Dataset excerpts
§ §
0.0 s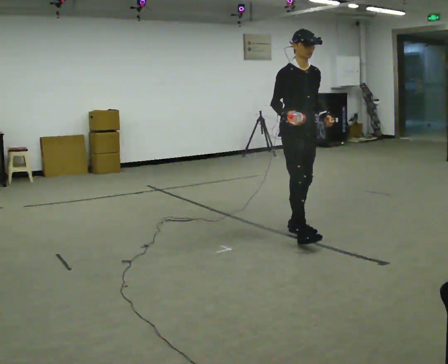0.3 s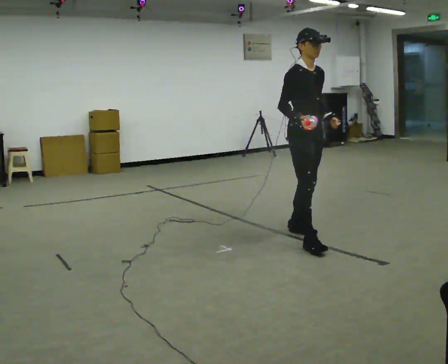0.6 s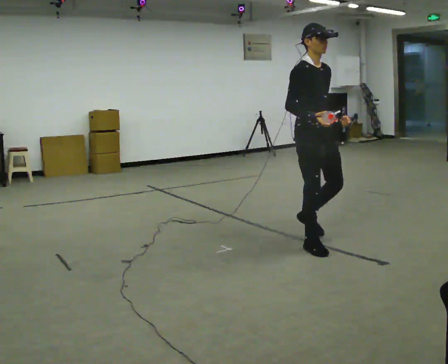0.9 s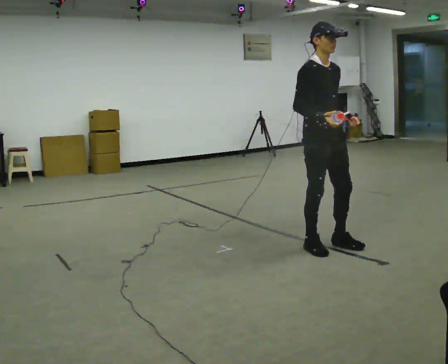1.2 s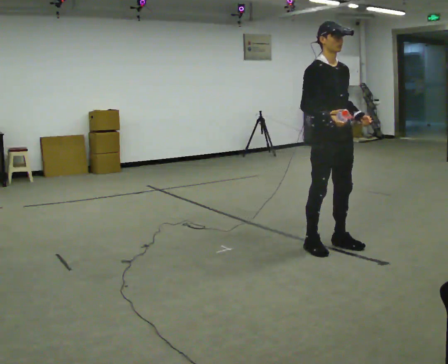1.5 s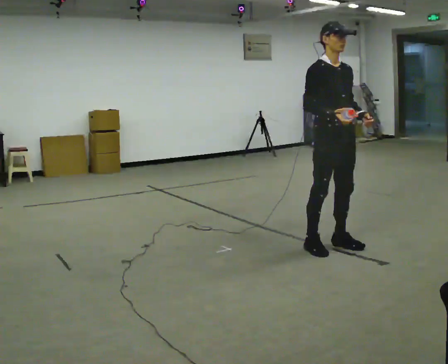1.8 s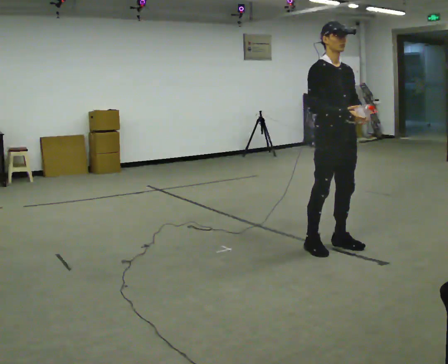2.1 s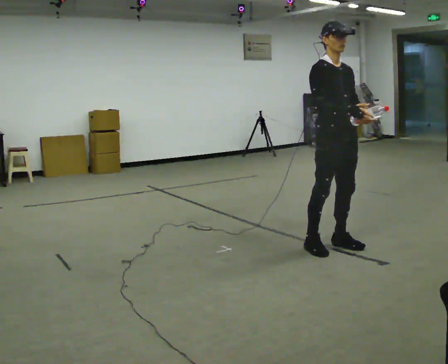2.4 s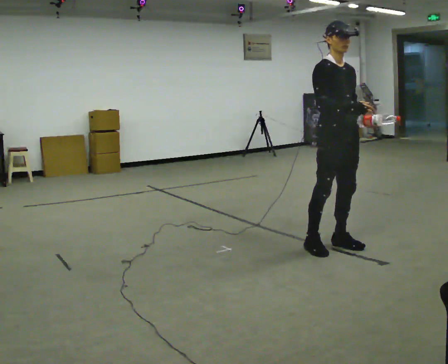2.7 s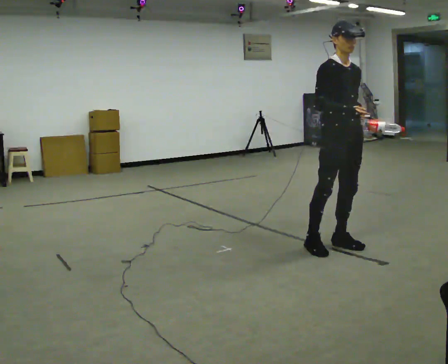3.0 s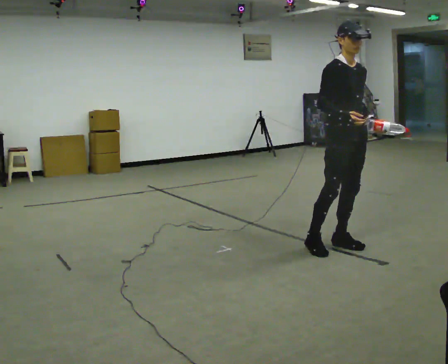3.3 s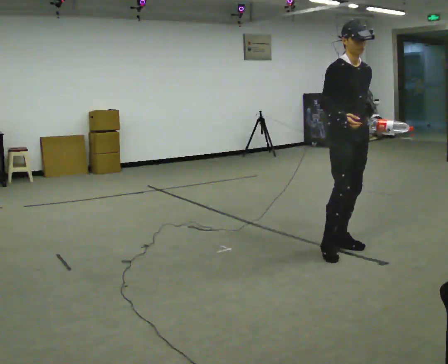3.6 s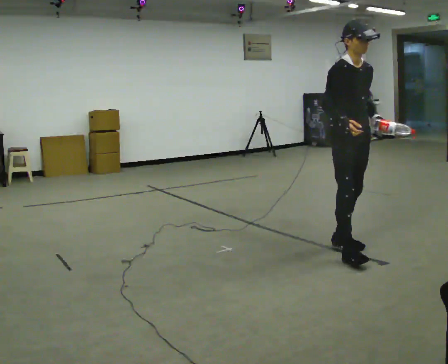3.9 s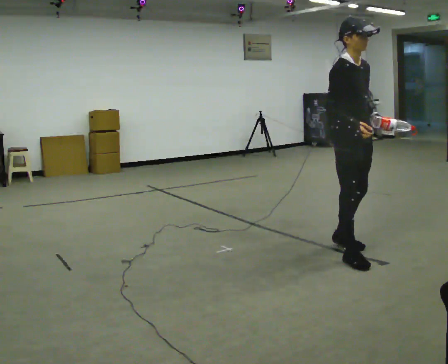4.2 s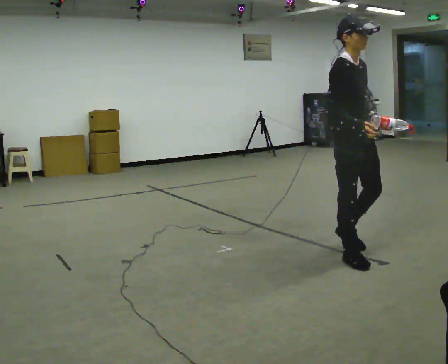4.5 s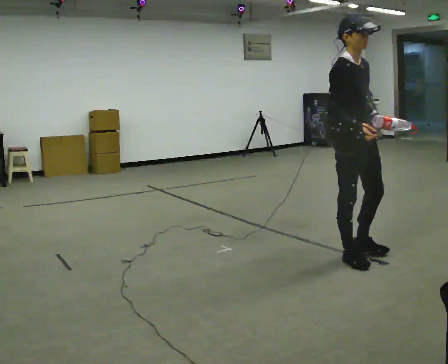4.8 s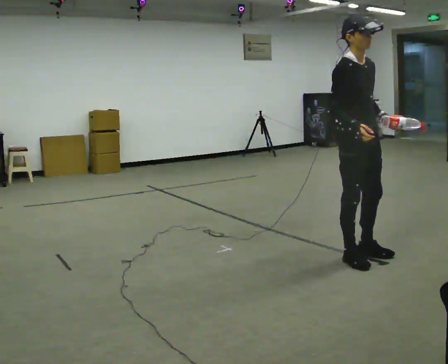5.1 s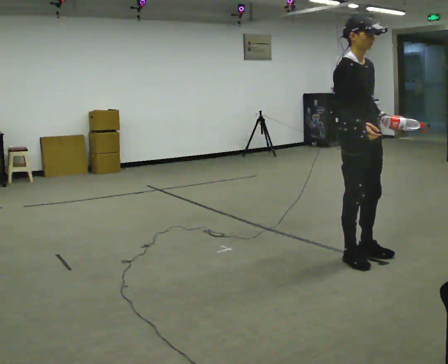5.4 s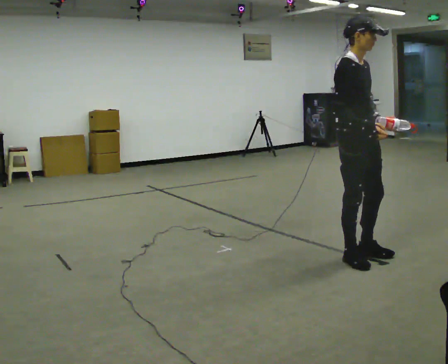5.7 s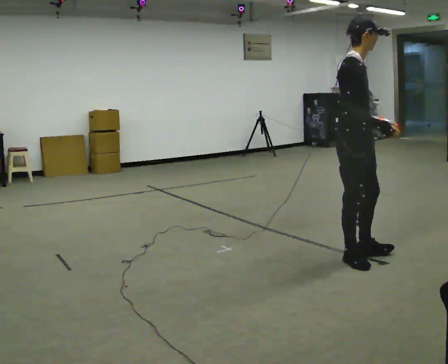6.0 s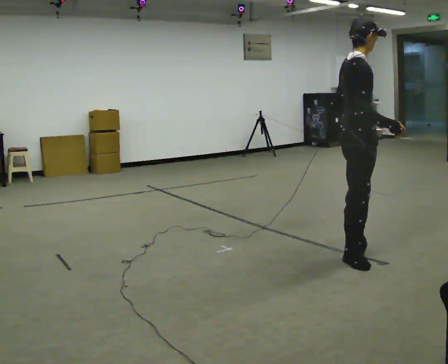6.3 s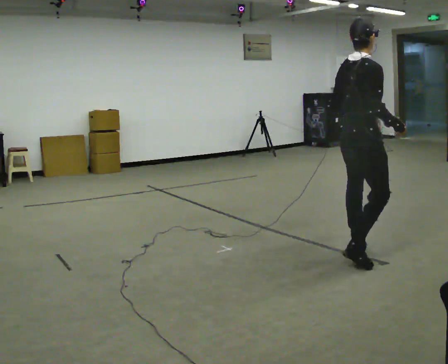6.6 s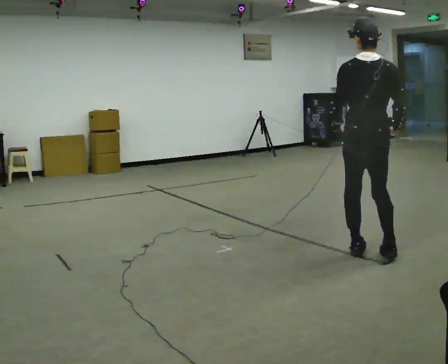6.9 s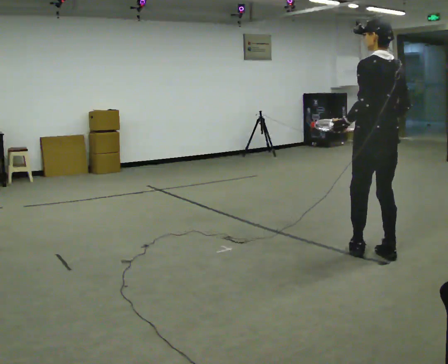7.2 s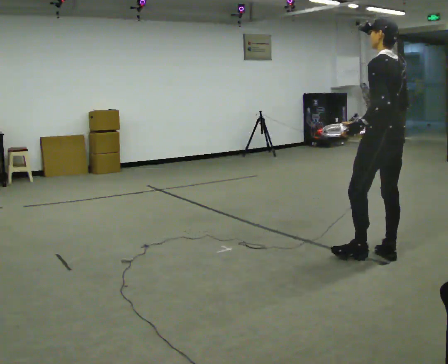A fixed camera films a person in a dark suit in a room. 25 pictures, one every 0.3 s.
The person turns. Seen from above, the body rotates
counterclockwise.
The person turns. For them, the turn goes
to their left.
0.0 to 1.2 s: In the picture they go toward the camera and to the right, about 0.5 m in 2 steps, which for them is forward and to their right.
1.2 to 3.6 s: The person moves a little, or ends about where they began.
3.6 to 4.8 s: In the picture they go toward the camera, about 0.25 m in 1 step, which for them is to their right and forward.
4.8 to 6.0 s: The person turns about 45 degrees to their left, counterclockwise seen from above, so the part of the body nearest the lens slides to the right.
6.0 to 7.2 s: Seen from above the body turns counterclockwise, about 135 degrees: to their left, with its near side sliding to the right. In the picture they go to the right, about 0.25 m in 1 step.
The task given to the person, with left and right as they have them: Carry the object in one hand and, while walking, pass it to your other hand. Keep passing it back and forth as you walk.
The film runs forward here.
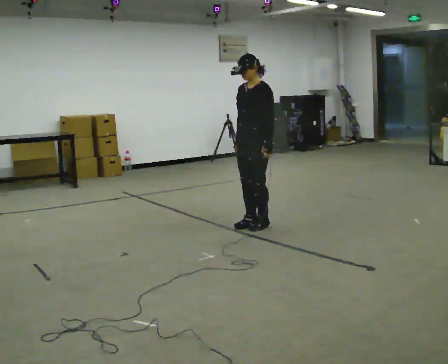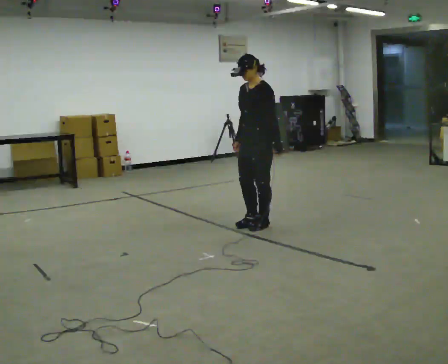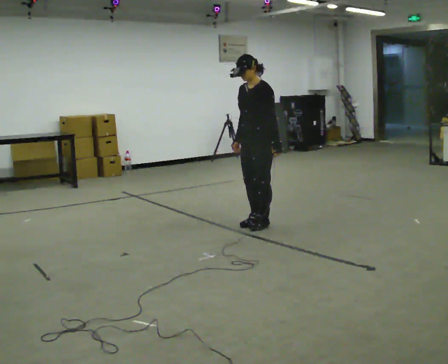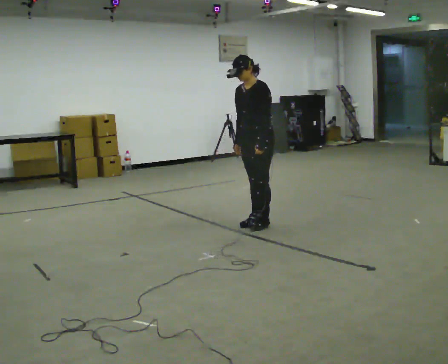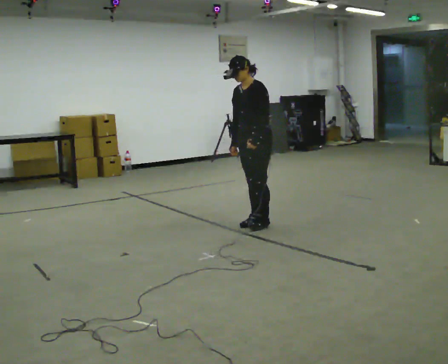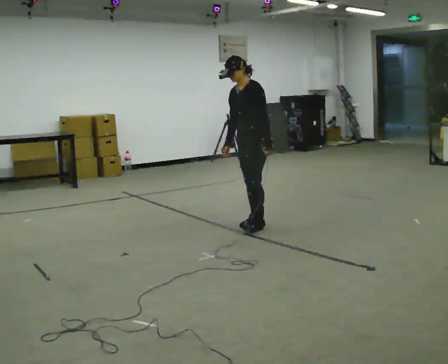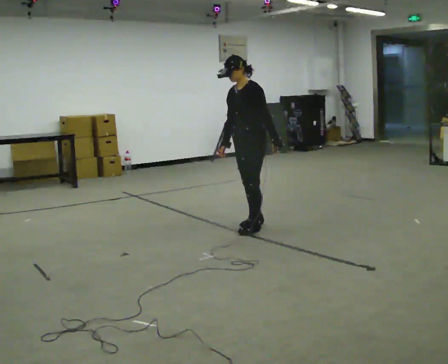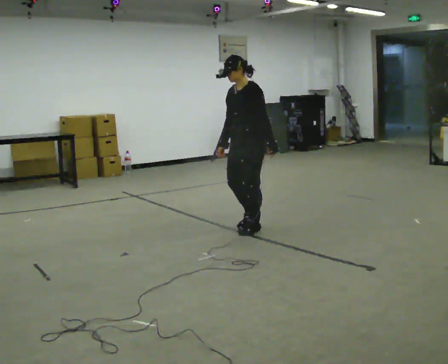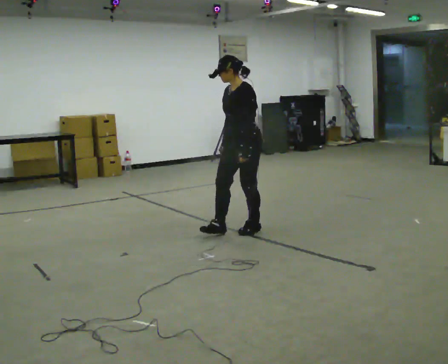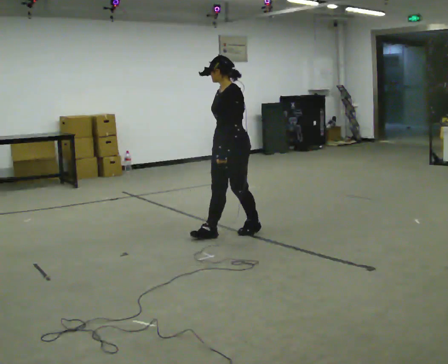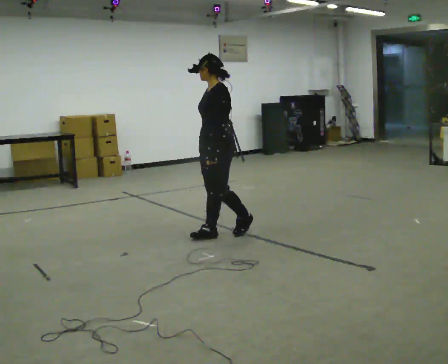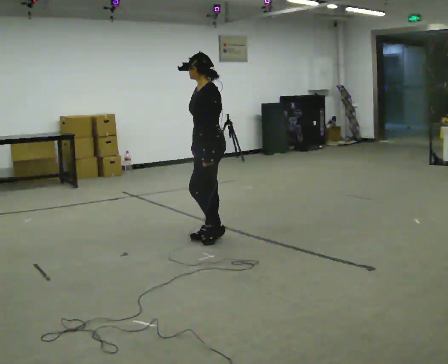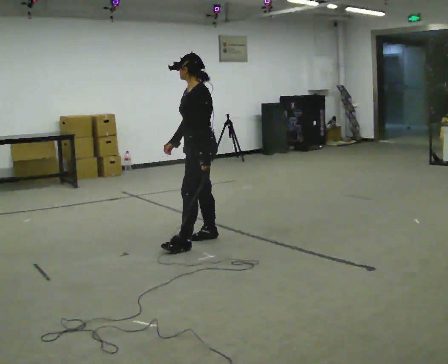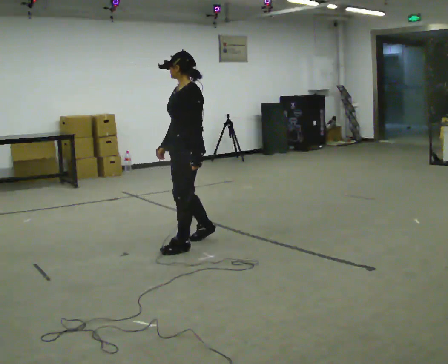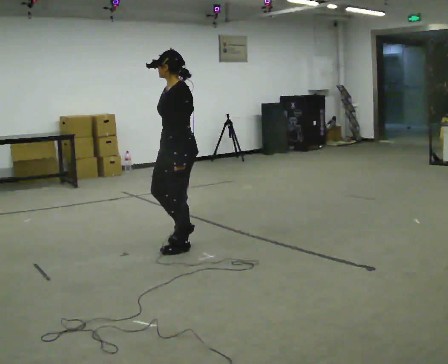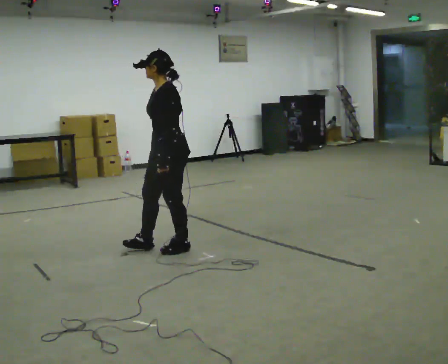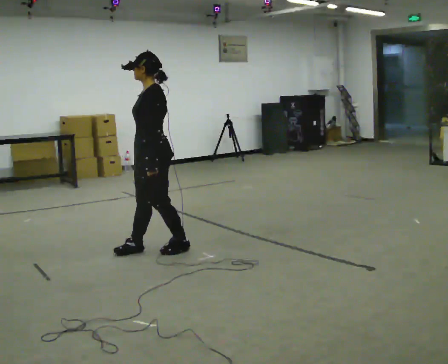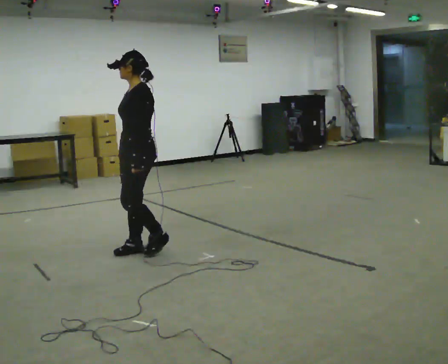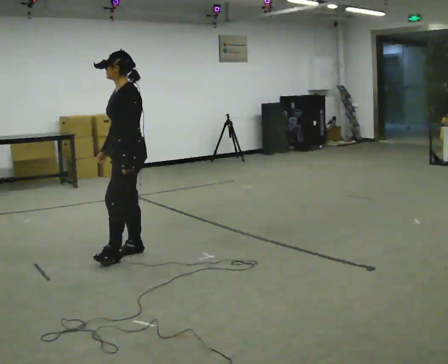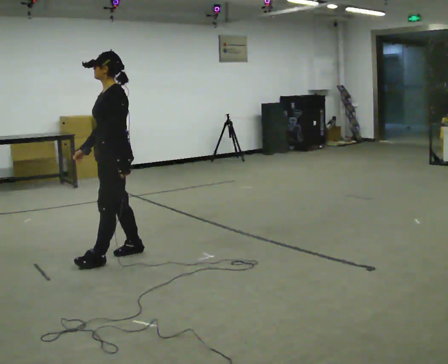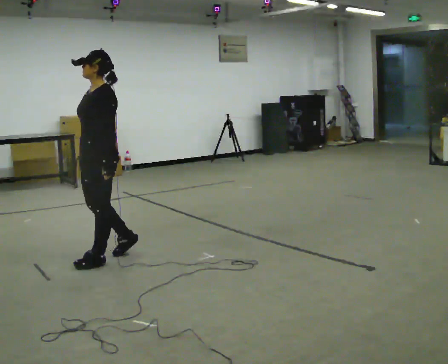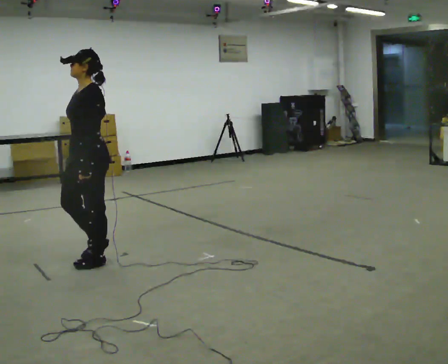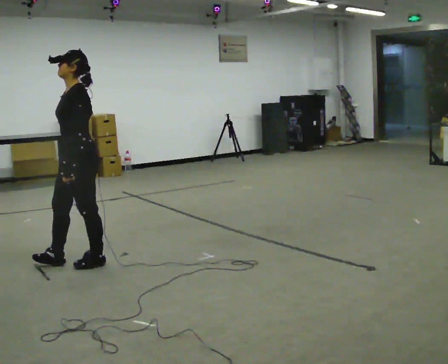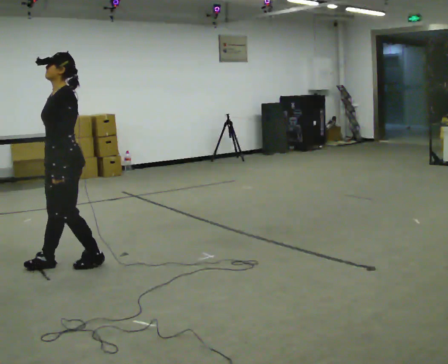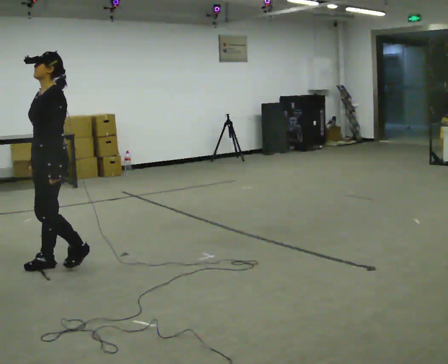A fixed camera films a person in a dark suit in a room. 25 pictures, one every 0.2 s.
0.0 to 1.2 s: The person moves a little, or ends about where they began.
1.2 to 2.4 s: In the picture they go to the left and toward the camera, about 0.5 m in 2 steps, which for them is forward.
2.4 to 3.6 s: In the picture they go to the left and toward the camera, about 0.75 m in 2 steps, which for them is forward.
3.6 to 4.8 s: In the picture they go to the left and toward the camera, about 0.5 m in 2 steps, which for them is forward.
The film runs backward here.
§ §
• _Task item_
After locating "The person turns. Seen" and "every 0.2 s." in the records above, return exactly the line holding each one and every line between them; leave out the pictures.

• _Response_
The person turns. Seen from above, the body rotates
counterclockwise.
The person turns. For them, the turn goes
to their left.
0.0 to 1.2 s: In the picture they go toward the camera and to the right, about 0.5 m in 2 steps, which for them is forward and to their right.
1.2 to 3.6 s: The person moves a little, or ends about where they began.
3.6 to 4.8 s: In the picture they go toward the camera, about 0.25 m in 1 step, which for them is to their right and forward.
4.8 to 6.0 s: The person turns about 45 degrees to their left, counterclockwise seen from above, so the part of the body nearest the lens slides to the right.
6.0 to 7.2 s: Seen from above the body turns counterclockwise, about 135 degrees: to their left, with its near side sliding to the right. In the picture they go to the right, about 0.25 m in 1 step.
The task given to the person, with left and right as they have them: Carry the object in one hand and, while walking, pass it to your other hand. Keep passing it back and forth as you walk.
The film runs forward here.
A fixed camera films a person in a dark suit in a room. 25 pictures, one every 0.2 s.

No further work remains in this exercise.